Br0kenTeleph0n3

Following the broadband money

Ofcom decisions lack transparency

with 2 comments

Basic CMYKFor all the thousands of words that accompany Ofcom’s consultations, the fact remains that the process of setting the basic price of communications is not transparent.

Ofcom is obliged to not disclose the costing information that it gets from BT, which can be different from that which BT discloses in its regulatory financial statements. The Value Office Agency, which sets business rates taxes, does not disclose its financial model, or disaggregate BT’s products, so an important component of BT’s regulated prices is opaque.

Besides, BT sometimes changes the basis of its costs, as in “A6.47 BT has moved from an absolute valuation to a methodology based on indexing capital expenditure by RPI.”

This leave plenty to argue about. Sky and TalkTalk in particular are fighting a running battle with Ofcom over its assessment of the effect of business rates on BT’s prices for unbundled local loop lines (LLU). The debate forms part of Ofcom’s consultation on the fixed access market, which goes into excruciating detail, complete with triple negatives, on the business rates issue in Annexure 26.

The result of the debate is material to the two ISPs, which are the biggest exploiters of local loop unbundling. According to the Office of Telecommunications Adjudicator, by the end of May there were 9.3 million unbundled lines, and 5.68 million lines on Wholesale Line Rental (WLR).

The ISPs contend that BT receives a rebate on business rates due to LLU that amounts to an estimated cash value of £23/y per line. The rebate covers BT’s loss of profits due to the alienation of the full earning potential of the lines. The VOA and Ofcom consider those putative profits to arise mainly from “downstream” products from Openreach.

BT still makes money from renting out the lines, and besides any “lost profit” is at best a guess.
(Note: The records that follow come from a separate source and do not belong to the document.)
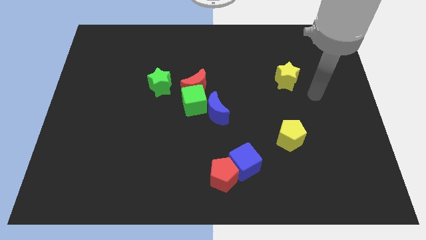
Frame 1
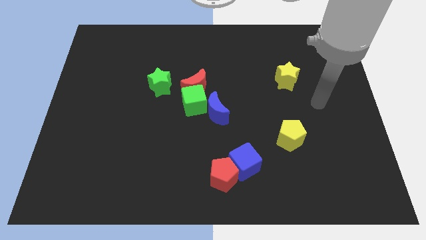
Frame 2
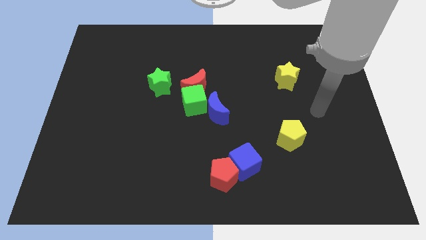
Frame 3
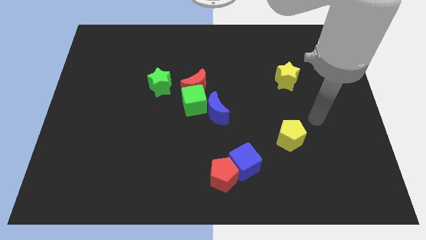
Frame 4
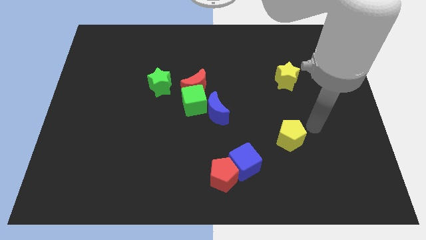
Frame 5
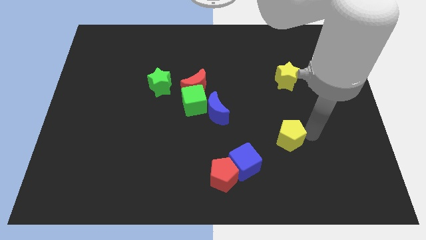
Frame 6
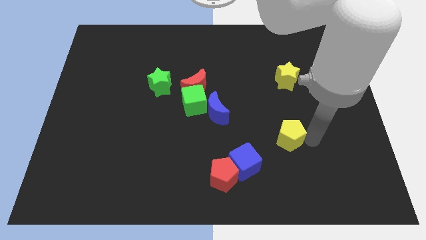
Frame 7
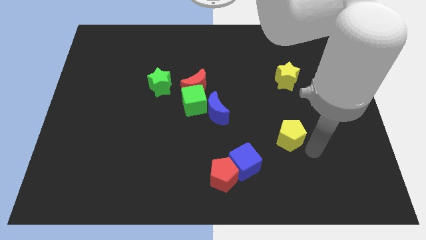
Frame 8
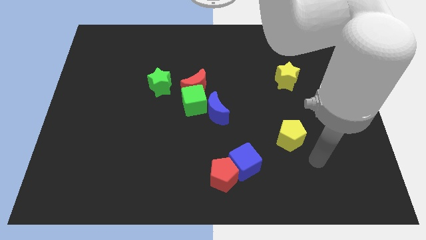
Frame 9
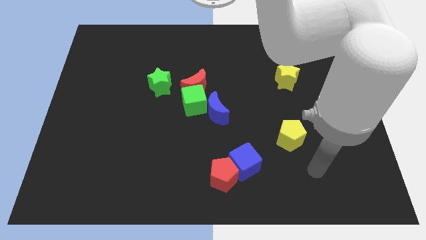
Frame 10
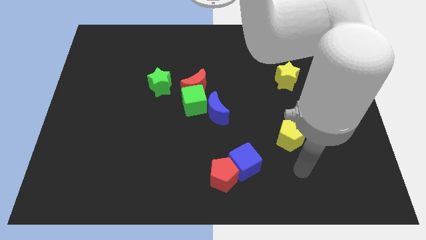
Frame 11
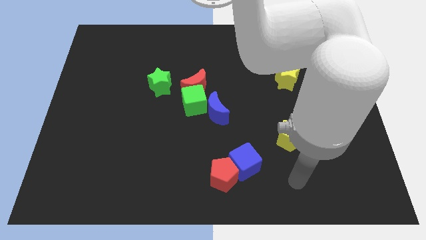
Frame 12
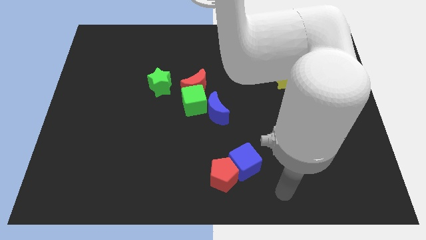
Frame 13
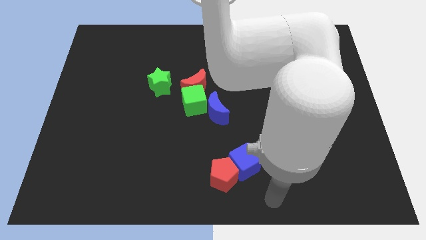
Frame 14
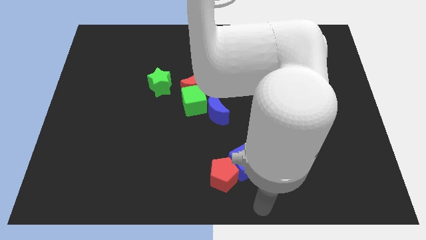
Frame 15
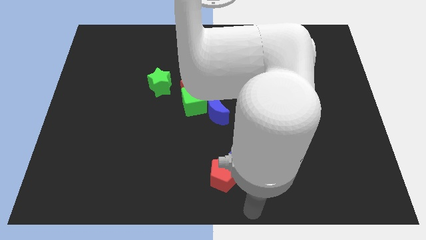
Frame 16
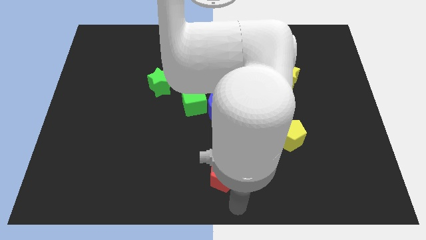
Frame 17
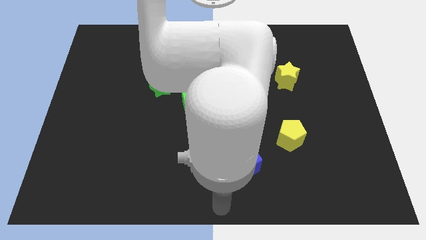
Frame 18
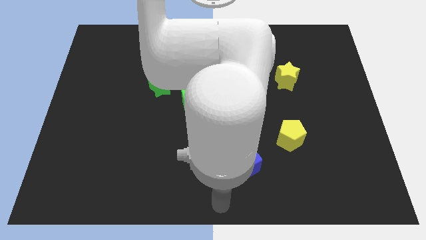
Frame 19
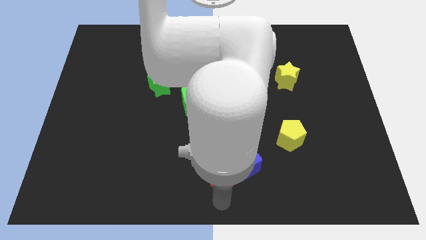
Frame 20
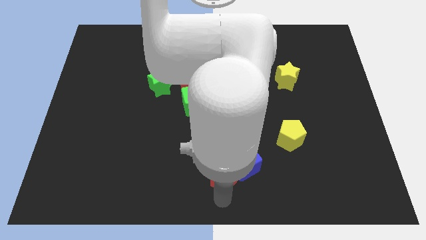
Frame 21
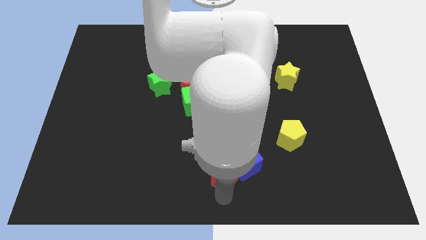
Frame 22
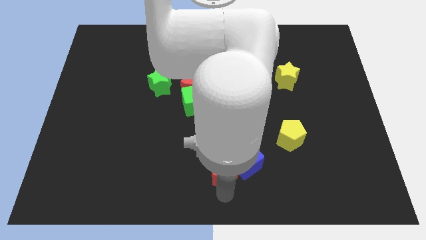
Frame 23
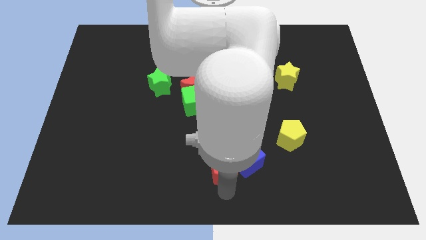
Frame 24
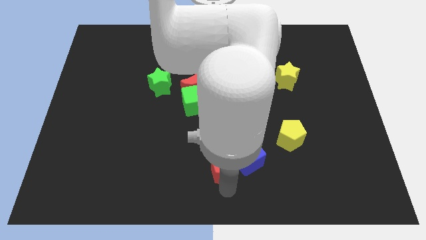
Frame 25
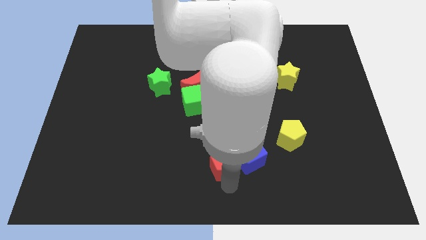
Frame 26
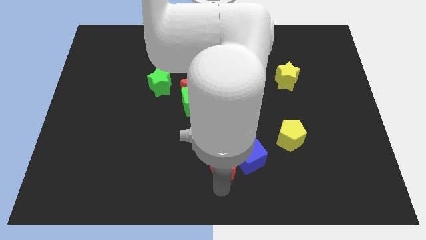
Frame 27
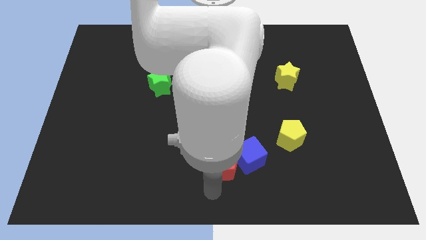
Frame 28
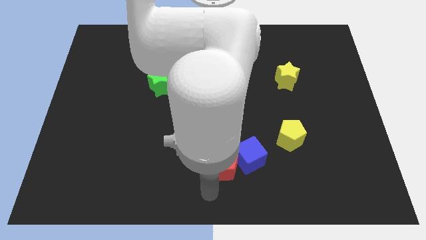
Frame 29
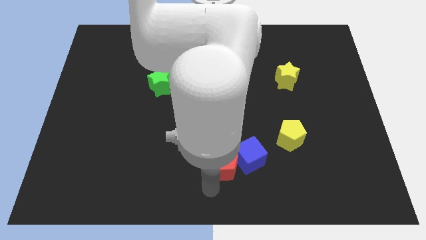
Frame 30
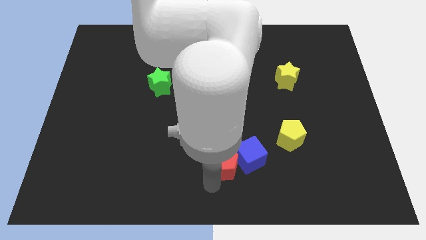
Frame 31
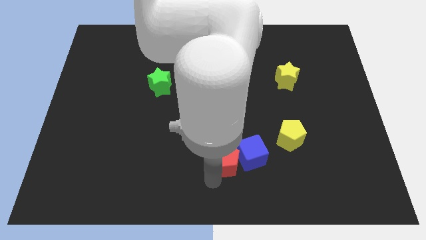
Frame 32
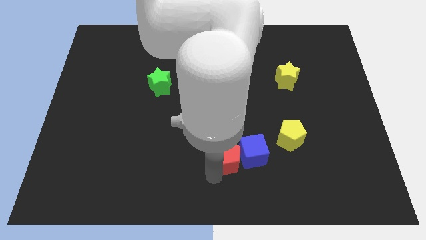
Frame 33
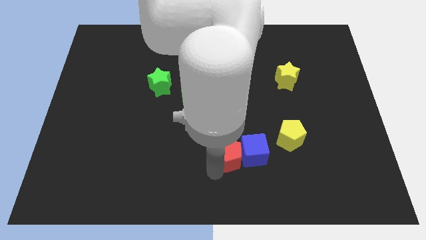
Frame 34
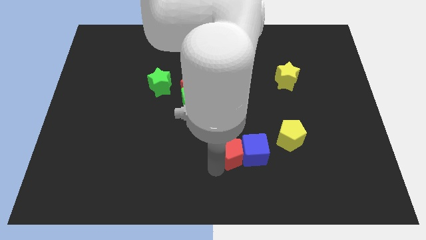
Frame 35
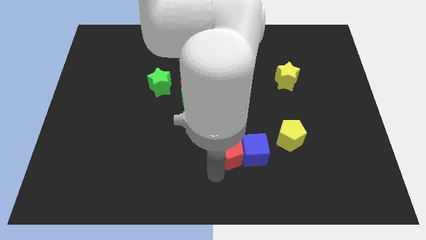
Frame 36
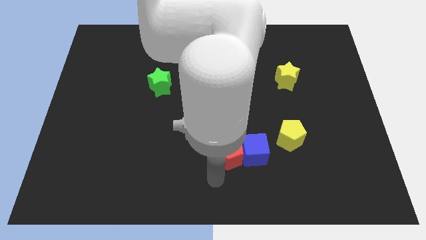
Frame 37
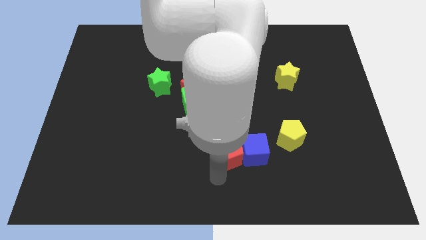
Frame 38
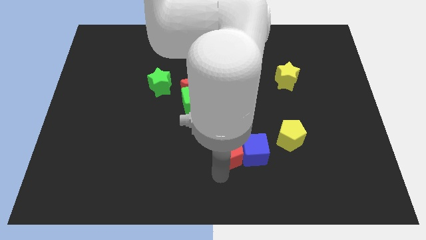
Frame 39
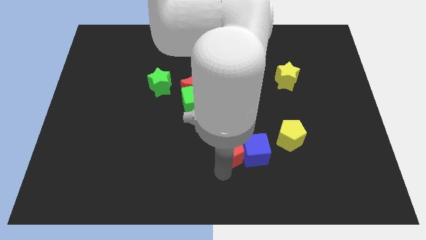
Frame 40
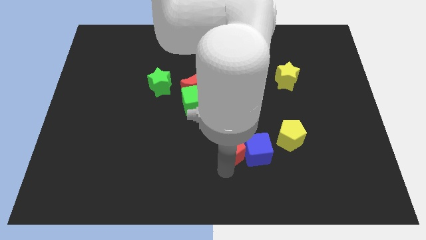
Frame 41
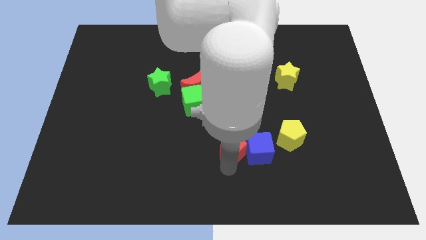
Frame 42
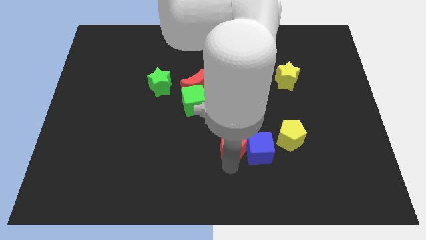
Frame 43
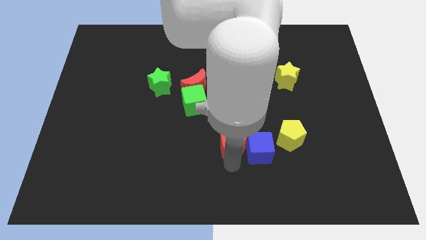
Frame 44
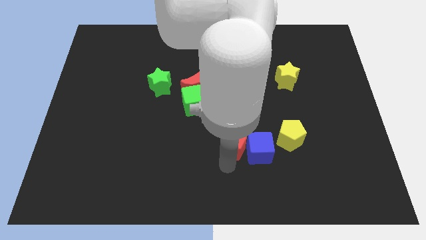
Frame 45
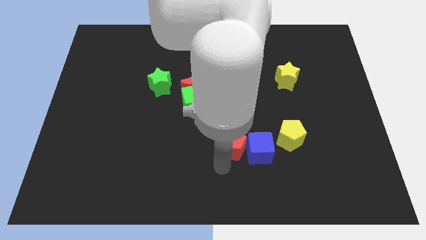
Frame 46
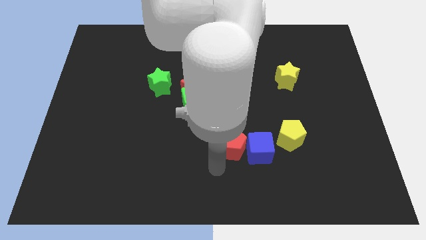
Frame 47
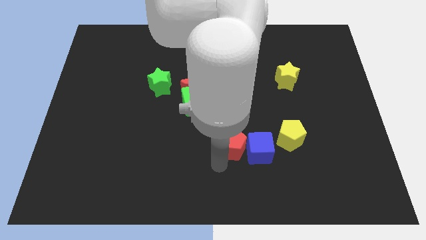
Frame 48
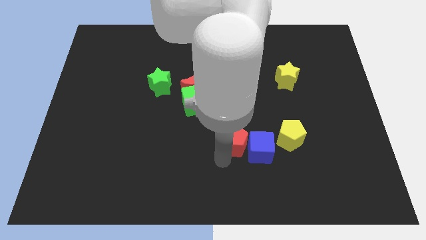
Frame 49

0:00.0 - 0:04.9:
slide the red pentagon a bit upwards and to the right diagonally

Further, the business rates tax is a tax on assets, not profits. The ISPs believe whole of the rebate should be applied to the price BT charges for the line. Instead only 15p is. They say this leaves BT with net income from the rebate of more than £20/y/ULL. Put another way, this means the ISPs are paying around £180m/y in unjustified costs, which BT can then apply to subsidise downstream products.
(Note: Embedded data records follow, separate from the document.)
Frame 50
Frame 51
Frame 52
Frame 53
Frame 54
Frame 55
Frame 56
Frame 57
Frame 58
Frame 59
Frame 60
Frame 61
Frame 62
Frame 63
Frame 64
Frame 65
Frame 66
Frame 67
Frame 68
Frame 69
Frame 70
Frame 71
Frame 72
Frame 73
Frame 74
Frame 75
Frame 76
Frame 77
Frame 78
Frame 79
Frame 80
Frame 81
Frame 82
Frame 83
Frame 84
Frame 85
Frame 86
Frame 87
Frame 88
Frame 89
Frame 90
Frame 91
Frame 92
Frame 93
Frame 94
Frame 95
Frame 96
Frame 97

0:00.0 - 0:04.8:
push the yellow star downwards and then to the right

They allege that Ofcom ignores this income from the rebate in assessing Openreach’s assets to price LLU. They allege that the resultant prices for LLU are higher than they should be, and that BT’s downstream products benefit from an illegal subsidy. They argue that since BT’s rebate is based on profits, not assets; if Ofcom disagrees, it should get the VOA to change the basis of its rating of BT, and not simply pass the extra costs on to the LLU operators.

Another issue that confuses matters is that Ofcom uses a theoretical all-copper network model for its sums. This disregards the thousands of kilometres of fibre BT has installed in the past five years. Fibre is cheaper to run than copper. TalkTalk’s plea for Ofcom to simply consider the outcomes produced in the market fell on deaf ears.

Ofcom has dismissed the ISPs’ objections, but it did go back to BT for more data about its costs. “We have also carried out a PWNRC (profit weighted net replacement cost) calculation using data on BT’s assets which are more detailed than those published in the RFS…In the light of this, we do not now consider that BT’s 2011/12 allocation of cumulo [business rates] costs to MPF and WLR services is reasonable.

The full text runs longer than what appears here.